Even the cover forewarns that this book may very well sweep you away

But my favorite use of structure comes in the book’s fourth section, during which the company is working on a game that splits player point of view between the real world and a fantasy setting. Zevin splits each chapter into two, divided into Sam’s and Sadie’s points of view, respectively, as their actions and frustrations unknowingly mirror the other’s. The whole book reminded me of Austin Grossman’s You, for more than the twin themes of friendships changing over time and deep meaning poured into video game creation. In You, Grossman also plays with structure in a way that fits the themes of the plot. Yet You cannot conceive of the gut punch that Zevin delivers in another section that plays with structure. I can’t remember the last time I’ve been so moved by such a brief portion of a book.

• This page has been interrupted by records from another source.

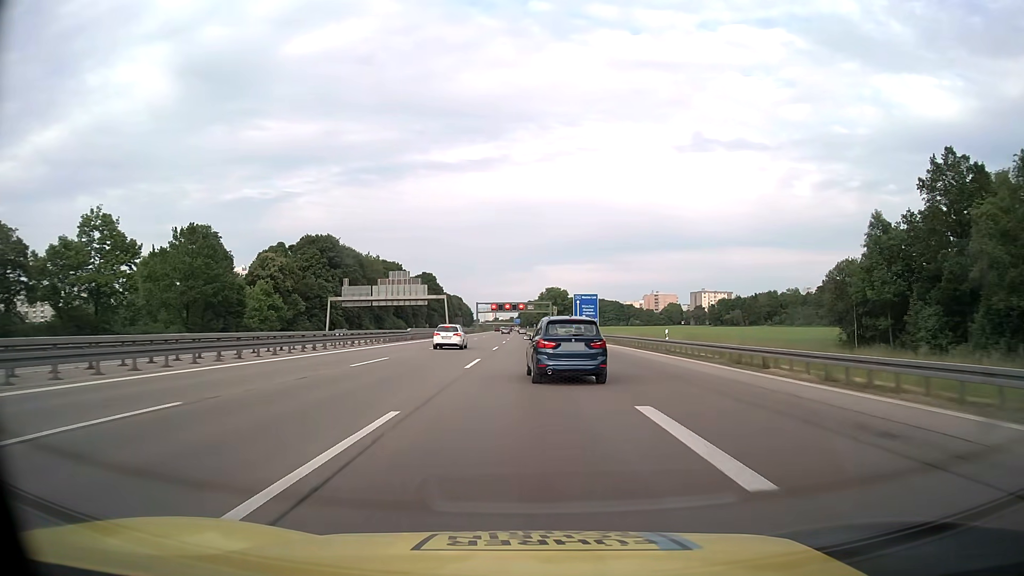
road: motorway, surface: asphalt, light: Day
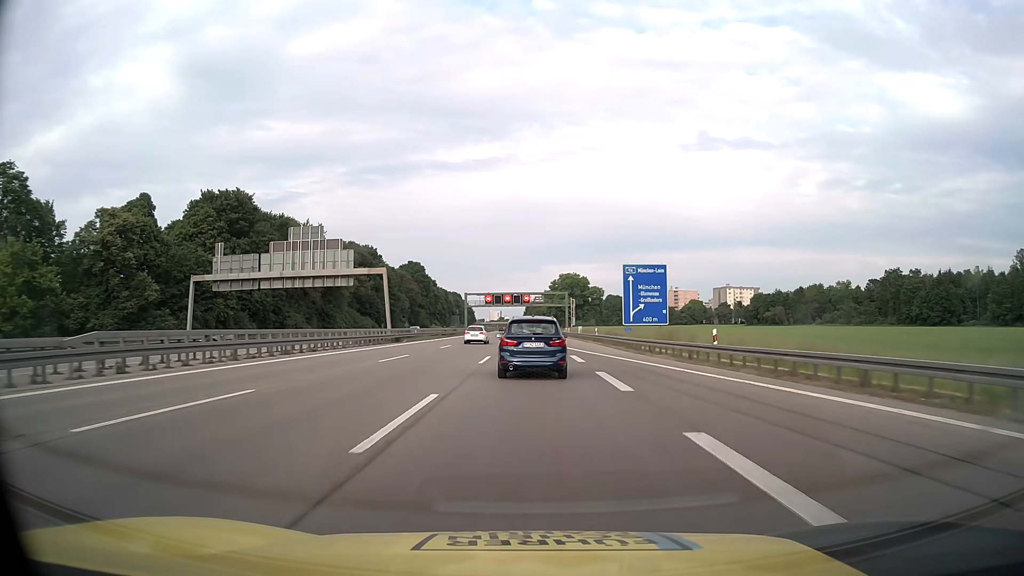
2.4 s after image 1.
(-0.3, +51.4) m; -1°
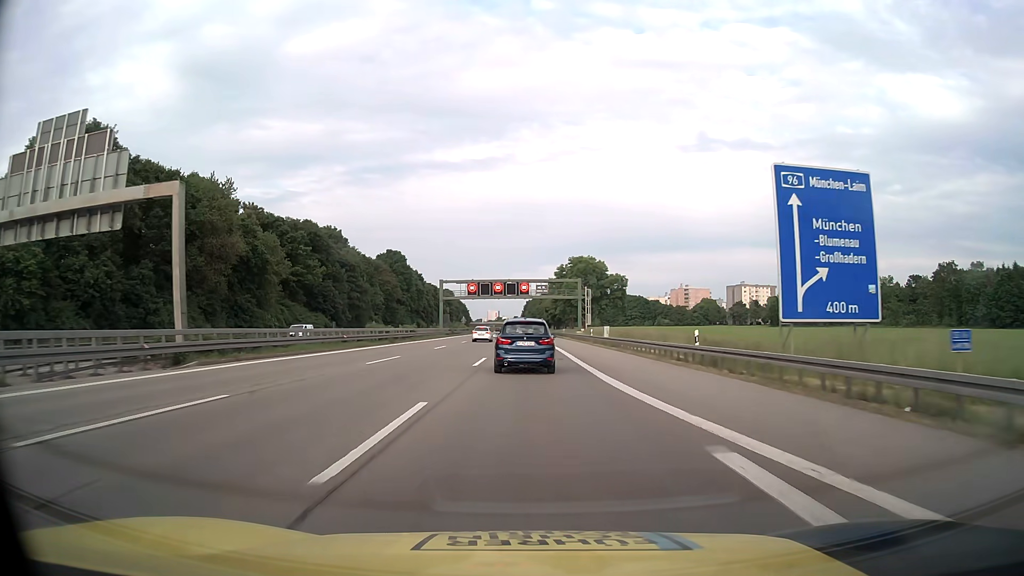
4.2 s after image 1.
(0.0, +37.5) m; 0°
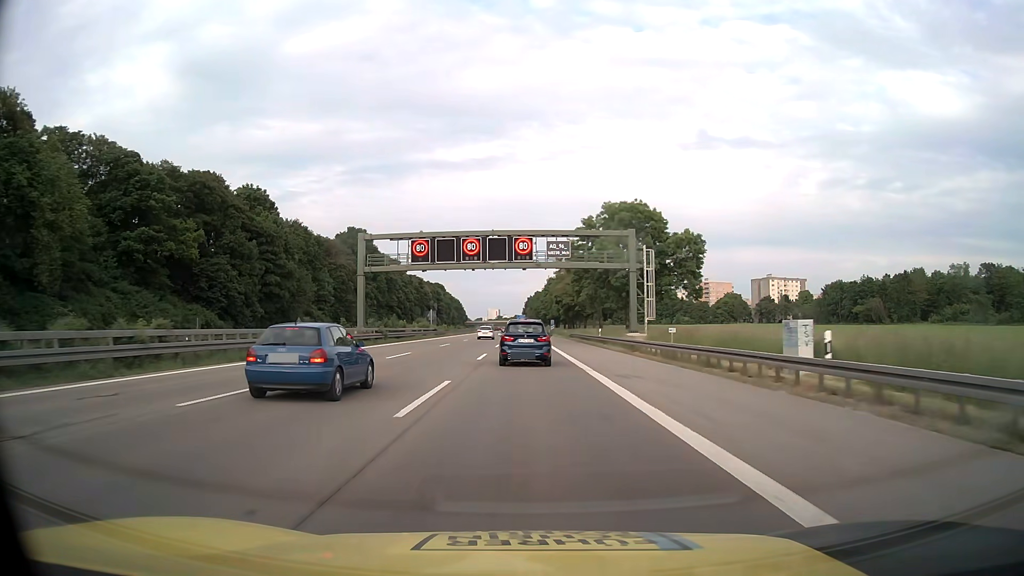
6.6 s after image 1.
(-0.1, +49.9) m; 0°
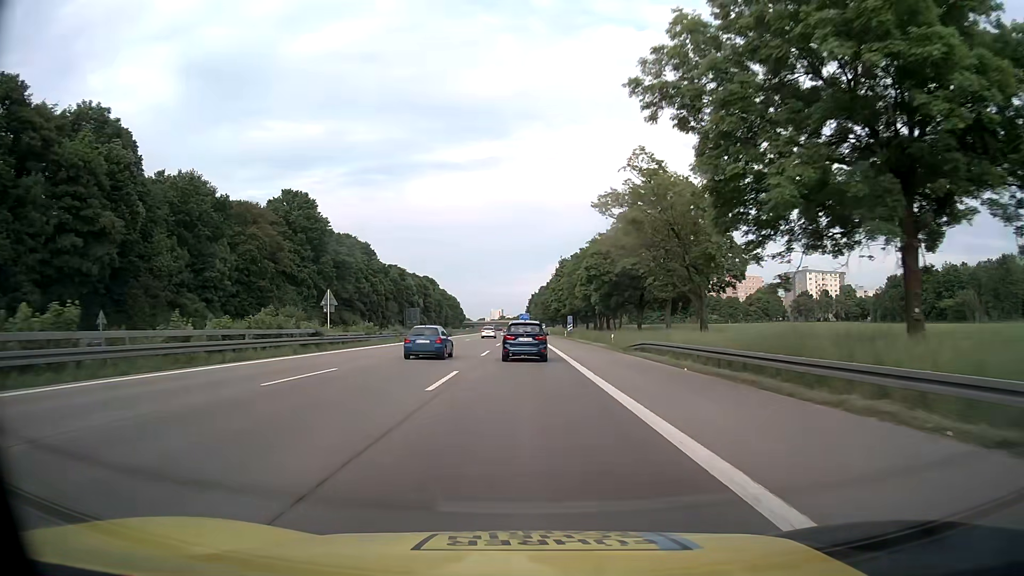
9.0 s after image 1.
(-0.2, +50.0) m; 0°
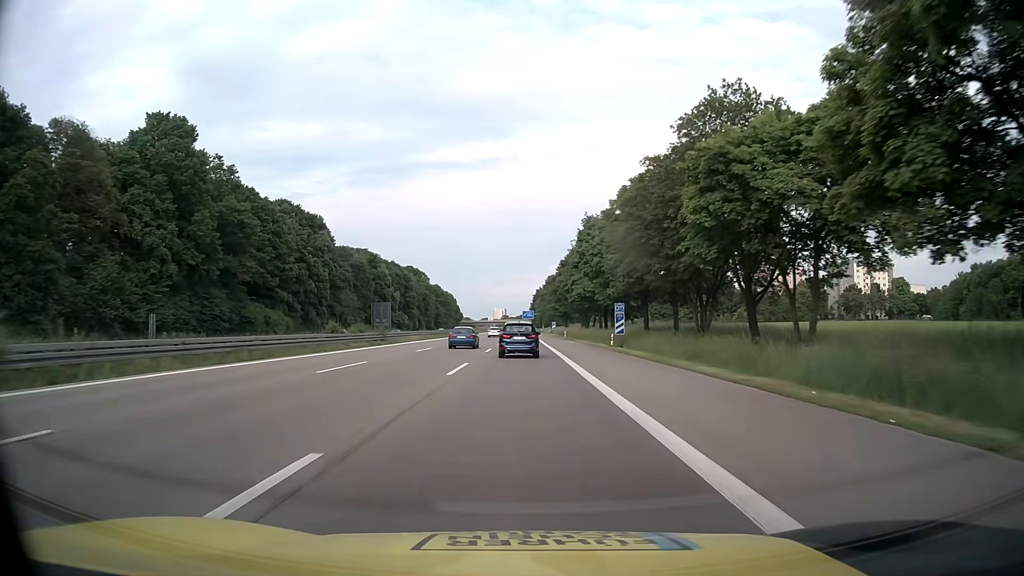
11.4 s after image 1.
(-0.3, +50.0) m; -1°
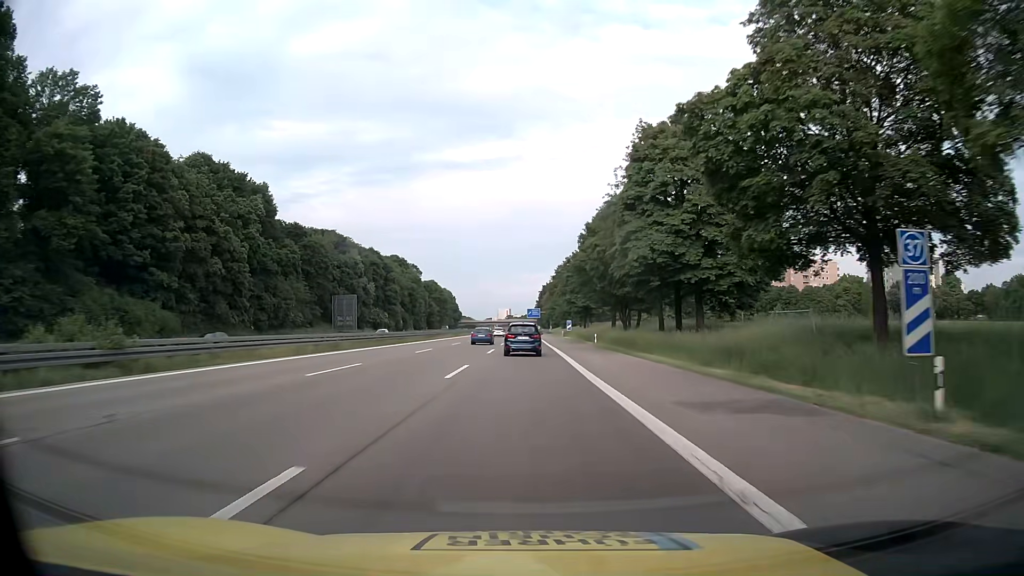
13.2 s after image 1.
(-0.1, +37.5) m; 0°
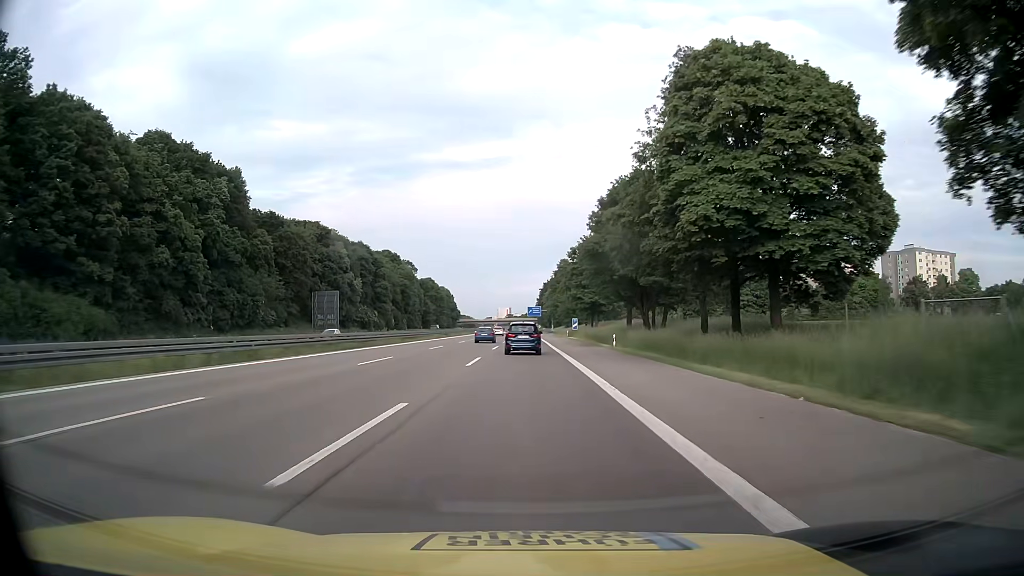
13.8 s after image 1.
(0.0, +12.5) m; 0°
(0, +10) (0, +20) (0, +30) (0, +40) (0, +50) (0, +60) (-1, +70) (-1, +80) (-1, +90) (-1, +100) m

John Green blurbed Tomorrow, and Tomorrow, and Tomorrow, and the overall vibe does feel like something you’d like if you cut your literary teeth on Looking for Alaska or An Abundance of Katherines. But it’s also feels like spending time with people you almost know, like you could form a parasocial relationship with Sadie and Sam—and Marx—just by opening the cover. After a book filled with narrative promises and forewarning, the end feels almost as though it comes too quickly. In reality, the characters have simply caught up to the present day, and there is no narrative voice to tell us what comes next for Sadie and Sam, good or bad. All there is left is to keep going and see what the future brings. Will they or won’t they? You’ll have to look elsewhere for your spoilers.